Snow by Orhan Pamuk. Translated from the Turkish by Maureen Freely

Snow by Orhan Pamuk Title: Snow
Author: Orhan Pamuk
Publisher: Everyman’s Library
ISBN: 978-1841593388
Genre: Literary Fiction, Translated Works
Pages: 460
Source: Personal Copy
Rating: 5 Stars

I remember reading “Snow” by Orhan Pamuk for the first time in 2004 I think. It has been thirteen years since I read it. This reread though has been a very different experience. First, because I was co-reading it with TheBookSatchel (a very famous blogger and Instagrammer. Please do look her up) and second, the discussions gave way to thoughts and opinions which sometimes a solitary reading experience cannot. Books such as Snow need to be read together and discussed because there is so much to talk about. You as a reader, will be bursting with ideas and thoughts at the end of almost every chapter.

“Snow” is also considered one of Pamuk’s difficult novels (I don’t think so at all) to read. If anything, I thought “My Name is Red” to be a little tedious. Snow on the other hand, reads very easy. It is also a book about Turkey (most of Pamuk’s books are, but of course, since he belongs to the country, or does he?) and its contradictions and how difficult or easy it is for the natives to move in time, as they are on the crossroads of East and West. Pamuk has taken this idea of Turkey and distilled the identity crisis to a border town Kars, and further refined it to the person, the poet, known as Ka (notice the wordplay here? More on it later).

Ka has recently returned from political exile in Germany for the funeral of his mother and he gets drawn to the suicides of young women in Kars, a border town. These women are committing suicide because they are being forced by the government to not wear head scarves.
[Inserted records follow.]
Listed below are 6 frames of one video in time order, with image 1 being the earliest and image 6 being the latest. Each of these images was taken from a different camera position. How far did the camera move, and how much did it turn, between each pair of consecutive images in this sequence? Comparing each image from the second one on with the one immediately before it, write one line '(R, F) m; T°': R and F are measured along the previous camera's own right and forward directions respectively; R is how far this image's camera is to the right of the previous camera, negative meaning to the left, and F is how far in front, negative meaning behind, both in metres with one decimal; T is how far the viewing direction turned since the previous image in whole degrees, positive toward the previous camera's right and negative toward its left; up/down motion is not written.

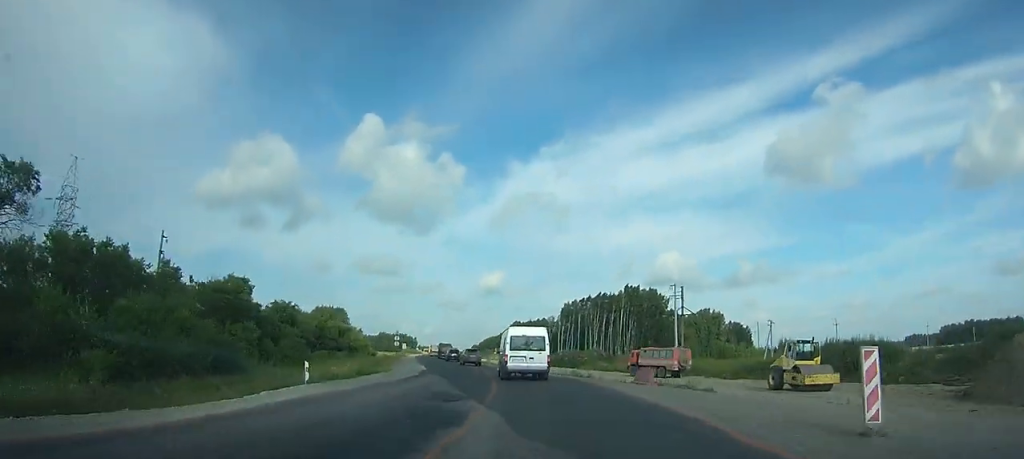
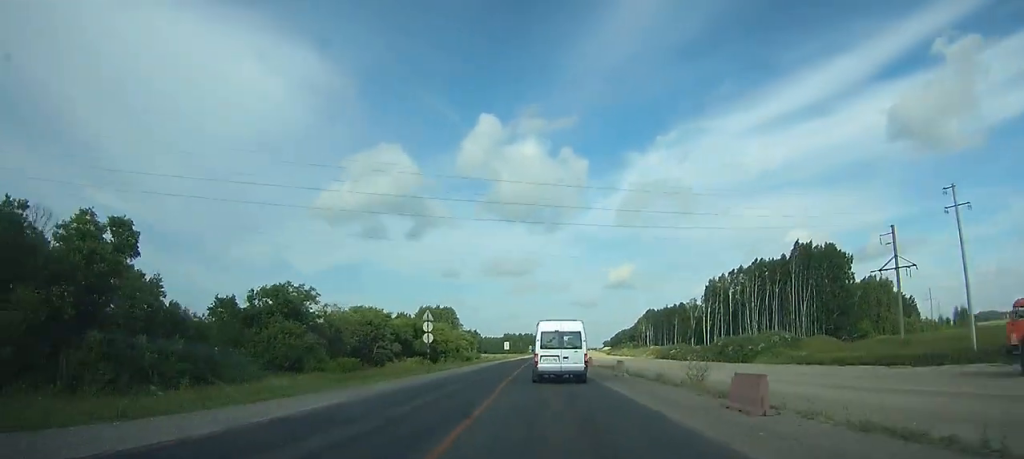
(-3.3, +43.5) m; -8°
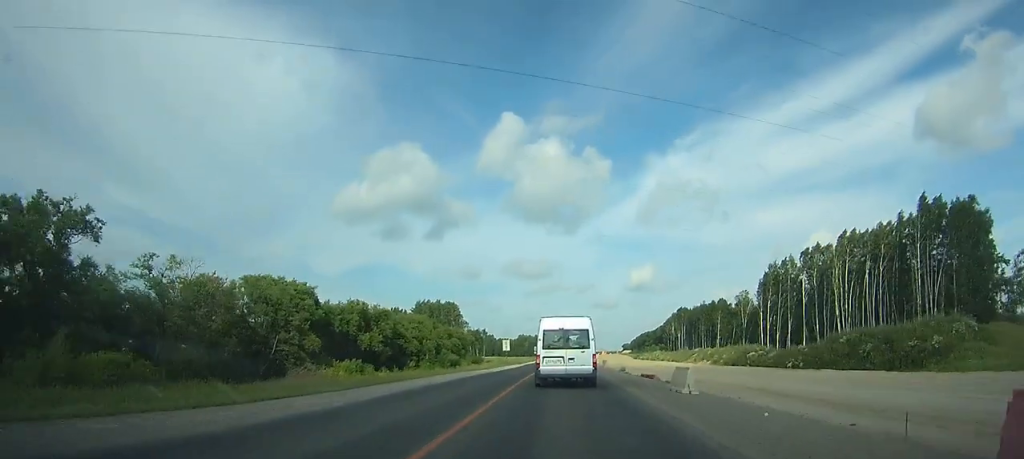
(-1.6, +40.5) m; -3°
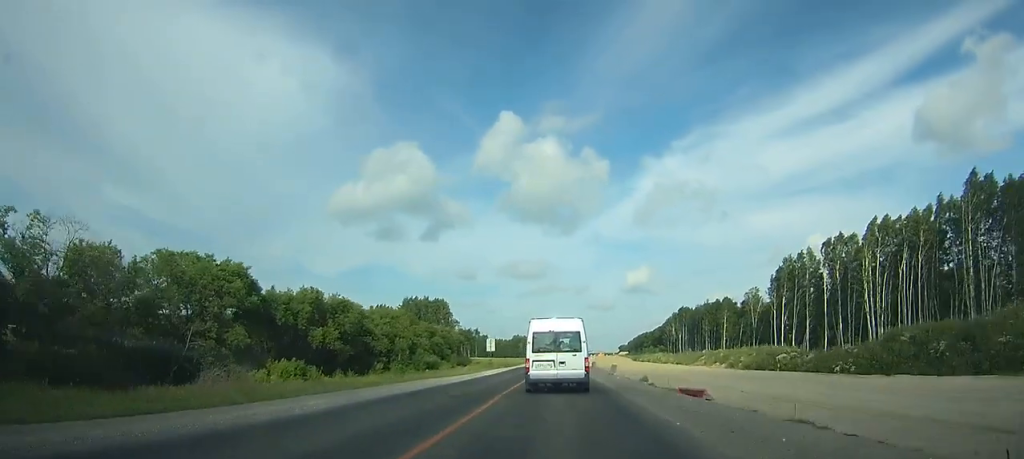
(0.0, +14.1) m; 0°
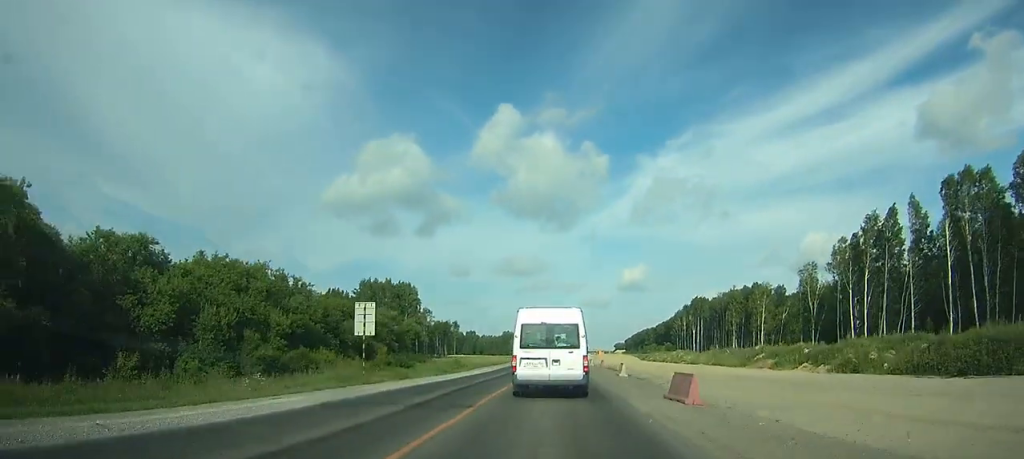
(+0.2, +45.9) m; +1°
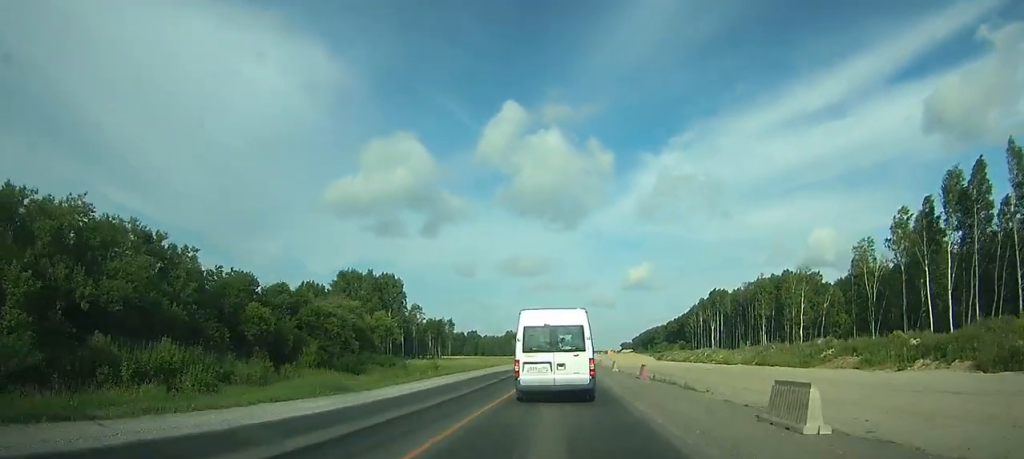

He is in Kars to find out more about these suicides and then there is also the question of the love of his life, Ipek (the girl from his college days) who is now in Kars and has recently been divorced. With this premise, Pamuk takes us to the heart of “Snow”.

Ka finds Kars to be a place of poverty, lack of intelligence and some violent people and yet in all of this, he finds beauty as it snows in the town, sometimes nonstop. That’s what worked for me the most about this book – snow. Pamuk describes snow as a matter of fact but the emotions that Ka goes through as it snows, transfers itself to the reader and it is a melancholic experience. Ka also finds poetry on this trip to Kars. At a certain level, he also is on the road to becoming a believer from an atheist. His pursuit of truth (or various versions of it) drive him to meet various people – the editor of a newspaper who predicts (quite surreal if you ask me) stuff, terrorists, the police, atheists, extremists and women on the verge of suicide.

Snow is not an easy book to read (in terms of all that is going on). I am not contradicting myself. You need to sink your teeth into it to truly understand it – completely. There is a lot of subtext and subplots that unravel themselves beautifully. At so many points, it read as a fairy tale to me and that’s saying a lot about the book. The lyricism of language helps move through but sometimes it gets a bit much. There is so much beauty in the book though – from the premise of Ka’s poems to the canopy of characters and their quirks and the question of faith that is constantly ringing like a fire-engine bell.

The translation is superb and the reason I say this is it feels that none of the nuances are lost. Maureen Freely’s translation, I am sure is just as empathetic as the original writing. “Snow” is to be read at its own pace. You cannot rush it. At the same time, don’t be distracted by anything else while reading it. Soak yourself into what Pamuk wants you to see and hear and you will not be disappointed.

The Naive and the Sentimental Novelist by Orhan Pamuk

I have always wondered while reading a novel, as to what goes on behind the scenes – the writer’s mind and his thoughts that provide the shape and form to the novel. How does he/she manage to produce such brilliant works time and time again, without any break or reluctance? How is the novel crafted? Is it art imitating life or vice-versa? And my answers were partially (I think) answered by Pamuk’s new non-fiction collection of Charles Eliot Norton Lectures, titled, “The Naive and the Sentimental Novelist”.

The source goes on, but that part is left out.